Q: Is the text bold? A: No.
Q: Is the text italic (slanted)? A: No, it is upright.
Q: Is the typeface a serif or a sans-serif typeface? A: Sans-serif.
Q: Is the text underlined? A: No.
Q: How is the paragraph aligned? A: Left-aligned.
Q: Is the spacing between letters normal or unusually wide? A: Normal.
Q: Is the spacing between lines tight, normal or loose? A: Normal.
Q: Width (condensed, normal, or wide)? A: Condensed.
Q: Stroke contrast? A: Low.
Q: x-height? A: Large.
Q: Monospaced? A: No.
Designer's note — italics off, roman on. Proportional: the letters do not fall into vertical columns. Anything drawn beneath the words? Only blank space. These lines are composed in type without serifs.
■ ■ ■ ■ ■ ■ ■
* What to work on
Exactly the lines from the one containing "Q: Monospaced? A: No." through the last line of the material above are to be returned, with nothing else.

* Output of the exercise
Q: Monospaced? A: No.
Designer's note — italics off, roman on. Proportional: the letters do not fall into vertical columns. Anything drawn beneath the words? Only blank space. These lines are composed in type without serifs.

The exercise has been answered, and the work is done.